The first element of the rdd:  ('Alice', 25)


In [16]:
# Take action: Retrieve the n elements of the RDD
taken_elements = rdd.take(2)
print("The first two elements of the rdd: ", taken_elements)

The first two elements of the rdd:  [('Alice', 25), ('Bob', 30)]


In [22]:
# Foreach action: Print each element of the RDD
rdd.foreach(lambda x: print(x))


In [23]:
result = mapped_rdd.collect()
print("rdd with uppercease name: ", result)

rdd with uppercease name:  [('ALICE', 25), ('BOB', 30), ('CHARLIE', 35), ('ALICE', 40)]

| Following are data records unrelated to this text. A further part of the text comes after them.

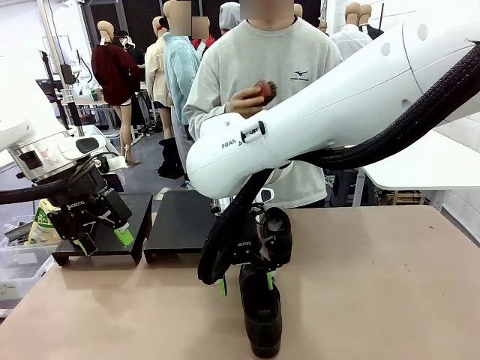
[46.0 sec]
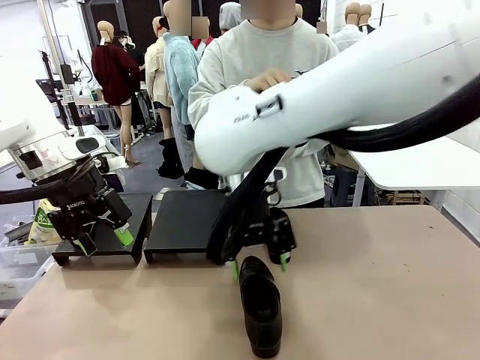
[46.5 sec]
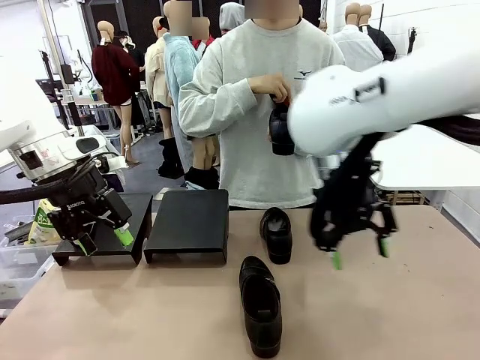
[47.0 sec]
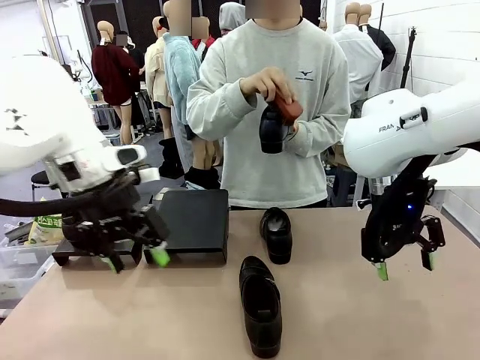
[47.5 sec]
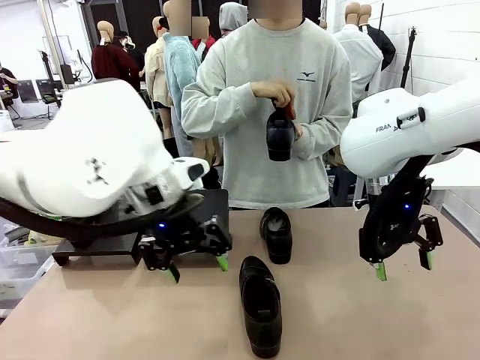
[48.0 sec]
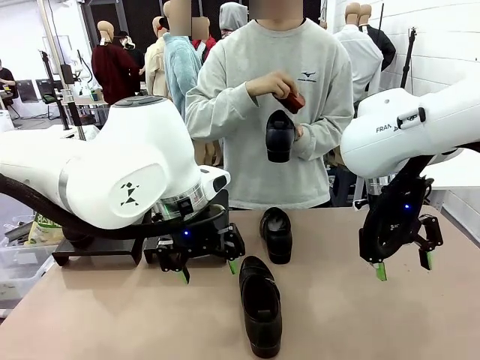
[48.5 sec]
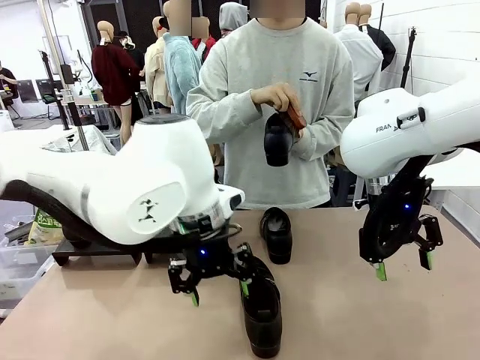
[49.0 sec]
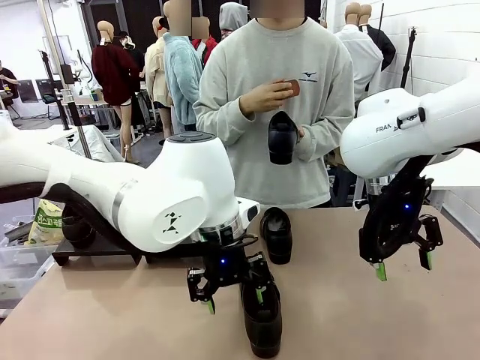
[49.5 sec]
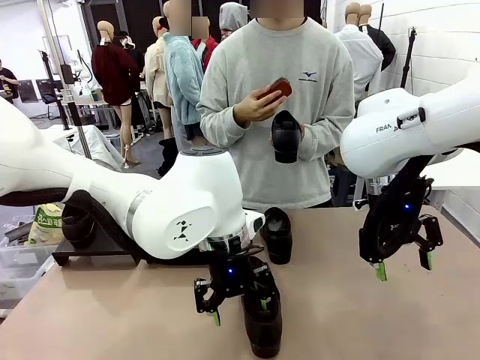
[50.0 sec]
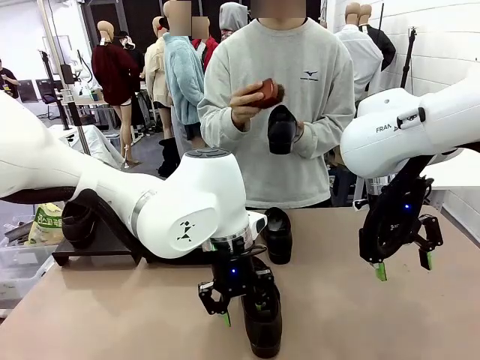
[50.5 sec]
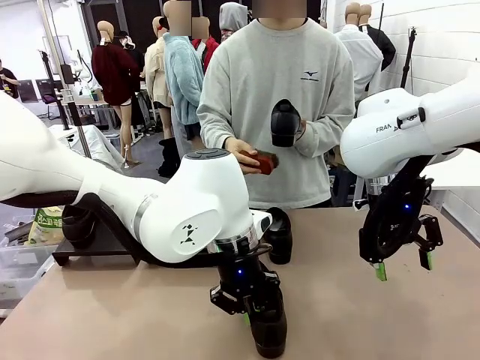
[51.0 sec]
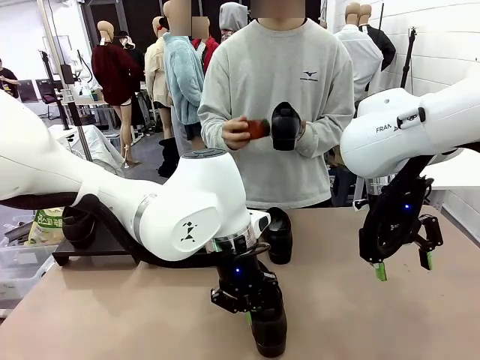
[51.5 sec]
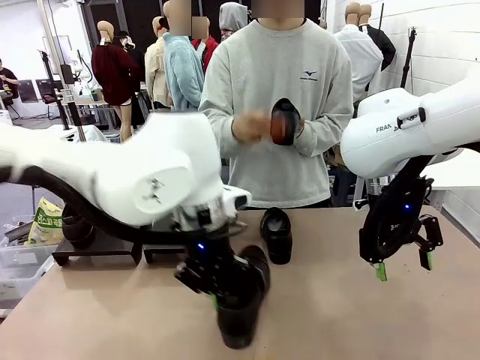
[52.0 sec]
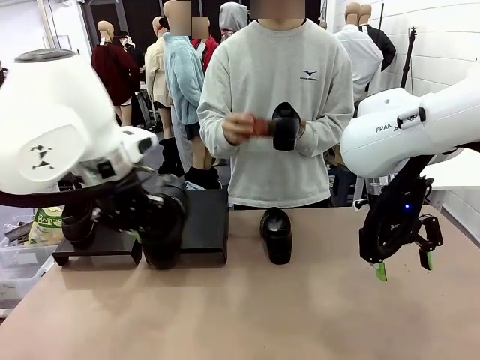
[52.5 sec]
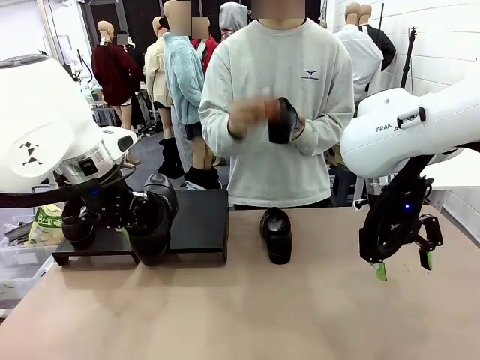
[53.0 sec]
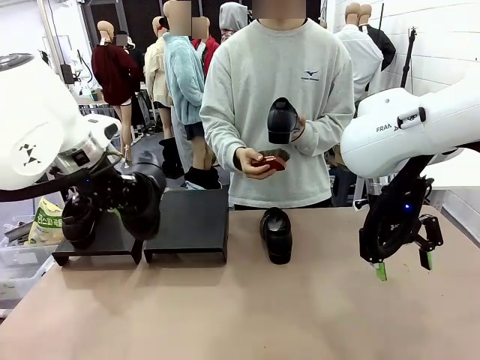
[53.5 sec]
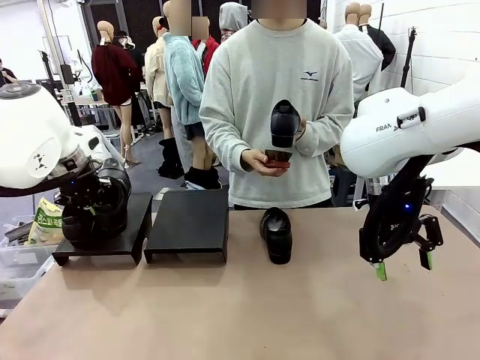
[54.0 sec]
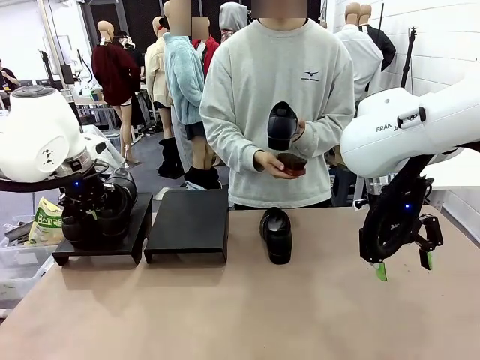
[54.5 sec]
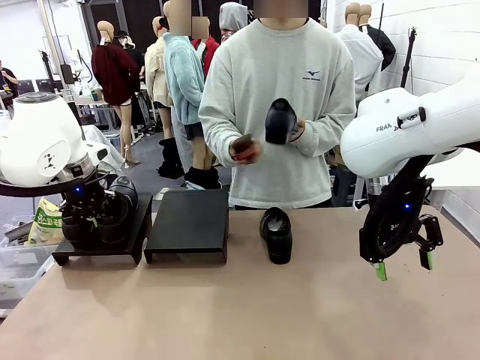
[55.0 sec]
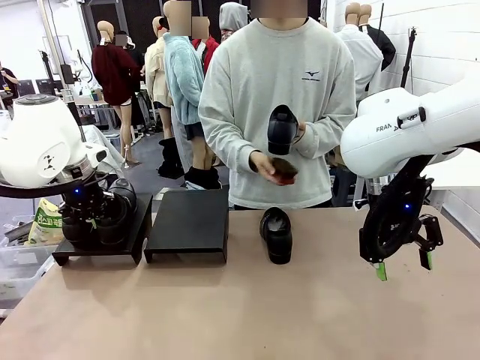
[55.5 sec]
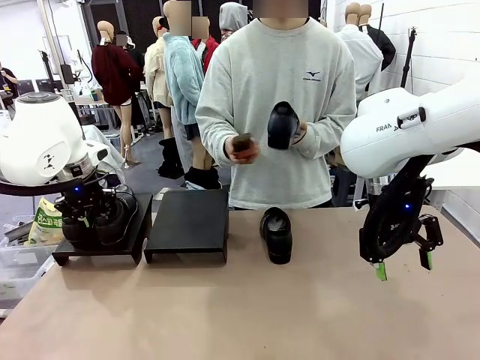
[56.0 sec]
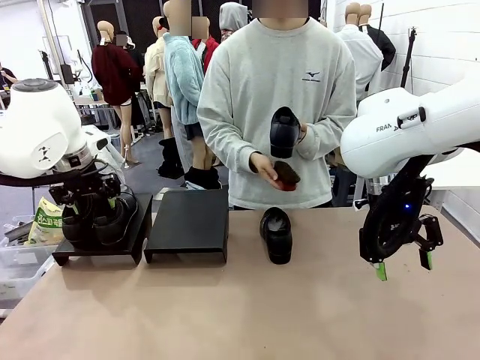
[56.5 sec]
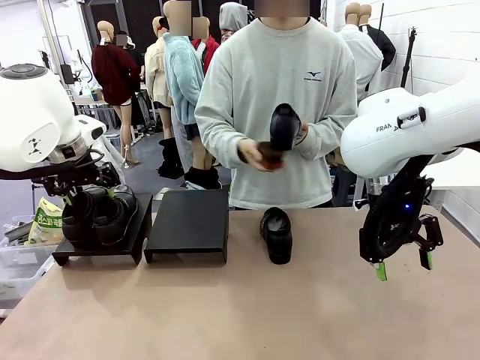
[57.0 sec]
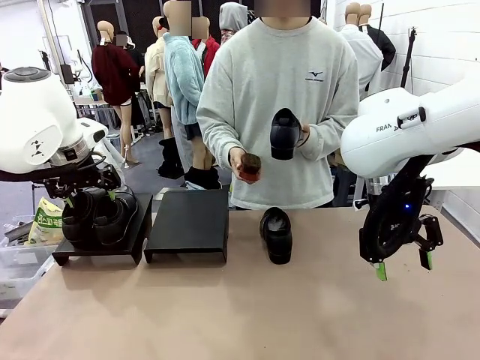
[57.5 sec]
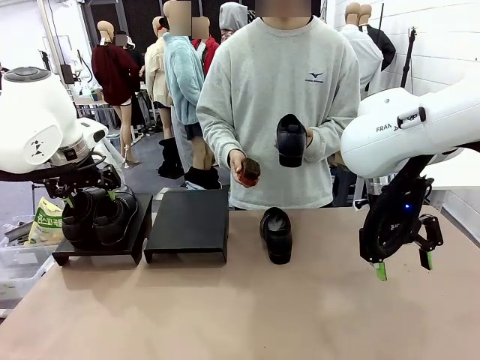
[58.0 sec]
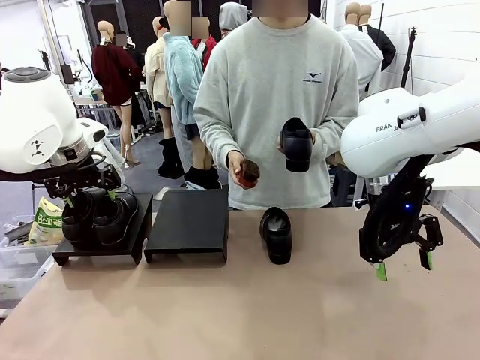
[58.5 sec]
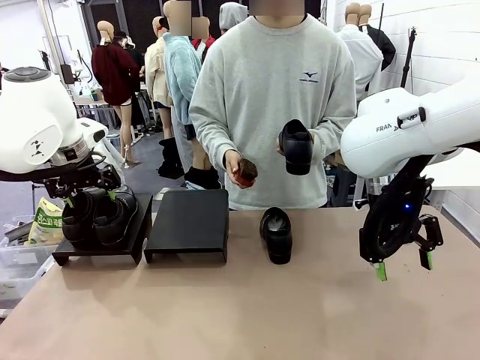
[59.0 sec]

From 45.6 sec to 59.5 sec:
Task: Organize the shoes by placing them on the stand.
Robot: Place the Shoe from the middle of the table onto the Shoes Stand.
Person: Clean the Shoe with the Shoe Brush.

RDDs Operation: Transformations

In [18]:
# Map transformation: Convert name to uppercase
mapped_rdd = rdd.map(lambda x: (x[0].upper(), x[1]))


In [19]:
mapped_rdd

PythonRDD[8] at RDD at PythonRDD.scala:53

PYSPARK DATAFRAMES

SparkSession:

Introduced in Spark 2.0, SparkSession is a unified entry point for reading data, working with DataFrames, and executing SQL queries.

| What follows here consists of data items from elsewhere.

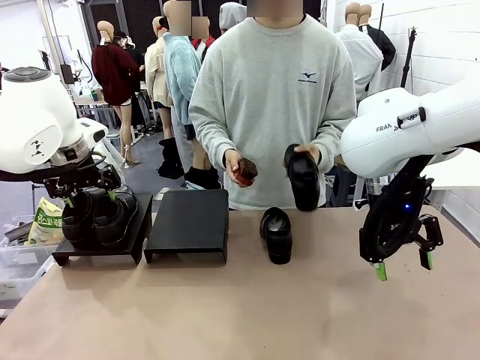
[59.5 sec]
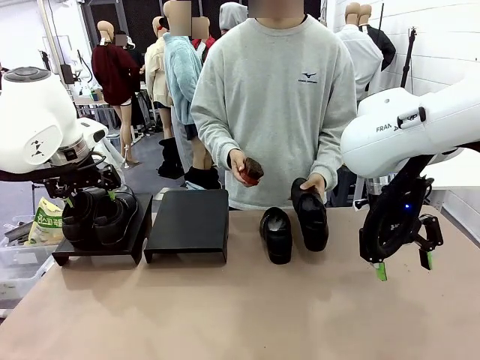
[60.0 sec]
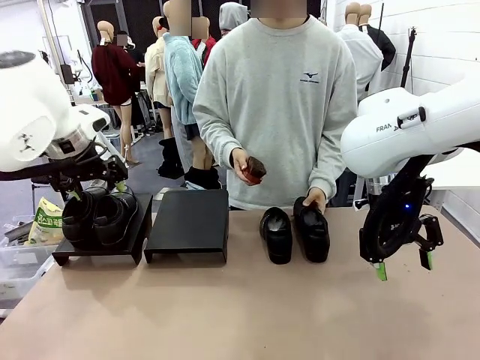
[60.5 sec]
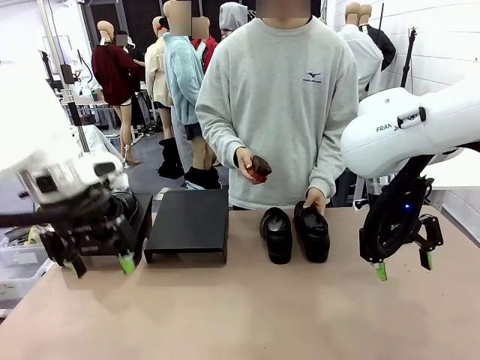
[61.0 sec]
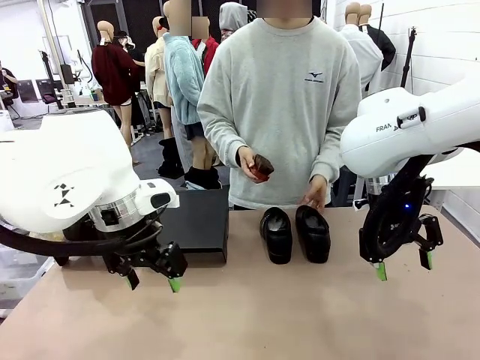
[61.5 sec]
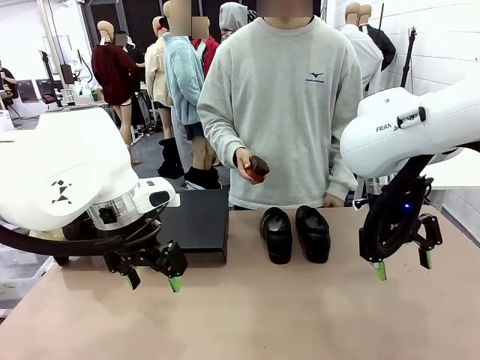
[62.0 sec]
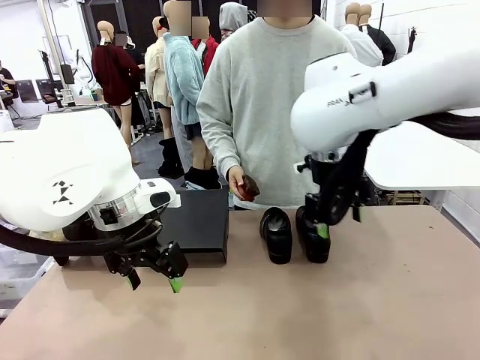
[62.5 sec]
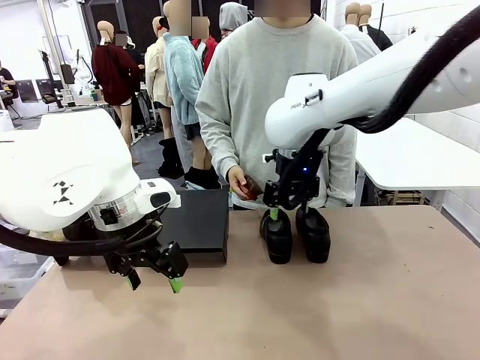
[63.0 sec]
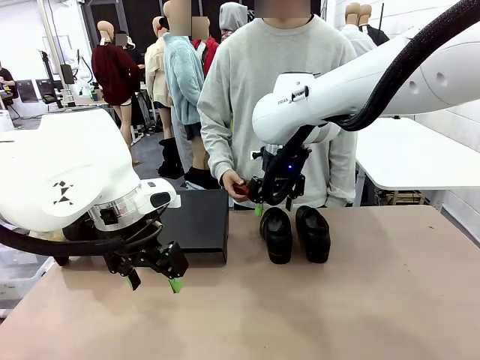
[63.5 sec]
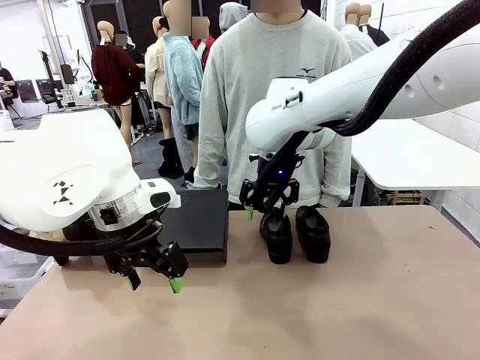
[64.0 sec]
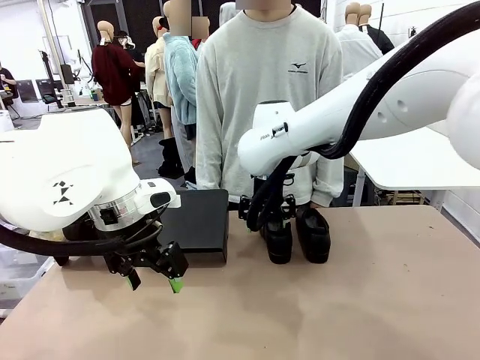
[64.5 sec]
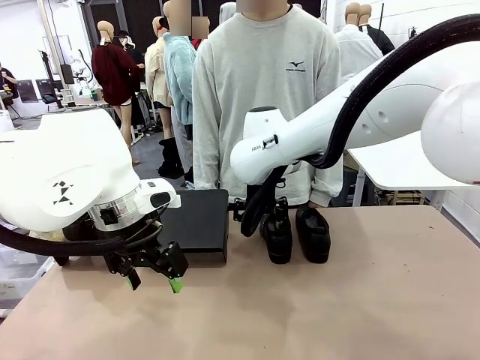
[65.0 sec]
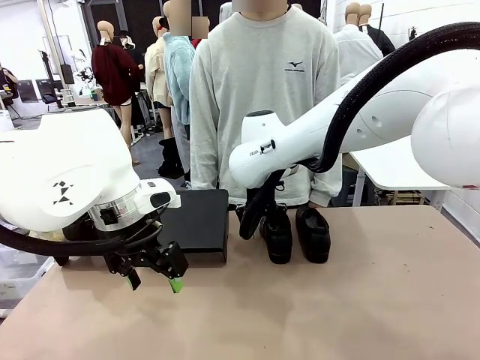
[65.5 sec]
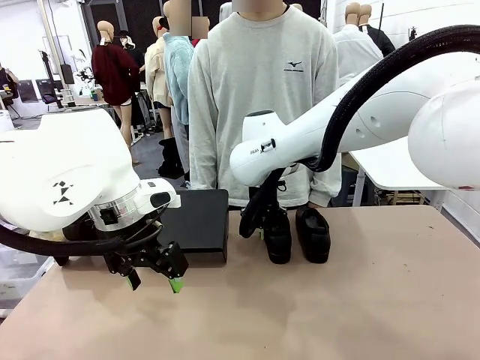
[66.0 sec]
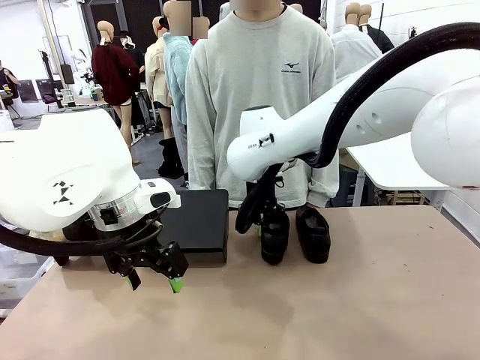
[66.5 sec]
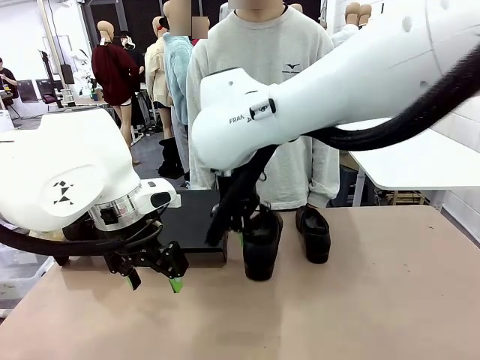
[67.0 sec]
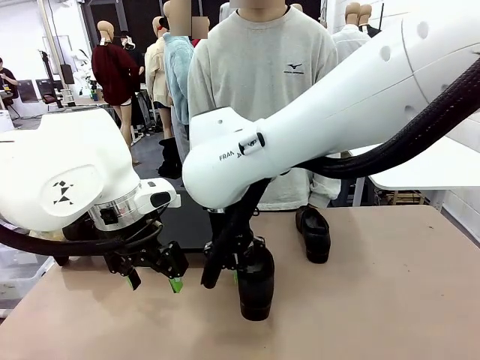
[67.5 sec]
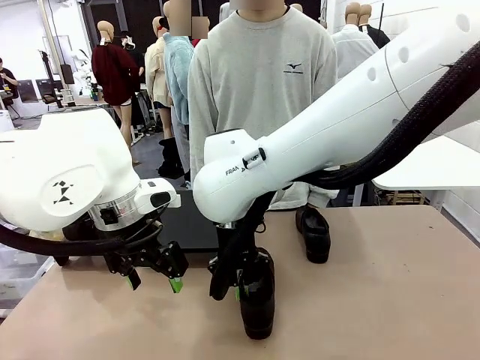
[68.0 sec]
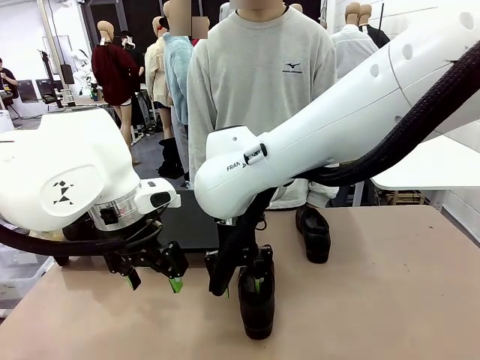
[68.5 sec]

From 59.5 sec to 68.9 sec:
Robot: Pick up one Shoe and place it in the middle of the table.

Role: It encapsulates SparkContext and provides a high-level API for data processing. It includes functionality for working with structured data and allows you to use DataFrame and SQL APIs.

In [2]:
import pyspark

In [3]:
print('hello')

hello


In [4]:
import pyspark

# Print PySpark version
print(f"PySpark Version: {pyspark.__version__}")


PySpark Version: 3.5.1


In [5]:
import subprocess

# Get the Java version
def get_java_version():
    try:
        version_info = subprocess.check_output(['java', '-version'], stderr=subprocess.STDOUT)
        version_info = version_info.decode('utf-8').split('\n')[0]  # Extract the version line
        print(f"Java Version: {version_info}")
    except FileNotFoundError:
        print("Java is not installed or not found in the PATH.")

get_java_version()


Java Version: java version "1.8.0_391"


In [6]:
from pyspark.sql import SparkSession

In [7]:
#creating spark session
spark = SparkSession.builder.appName('Dataframe').getOrCreate()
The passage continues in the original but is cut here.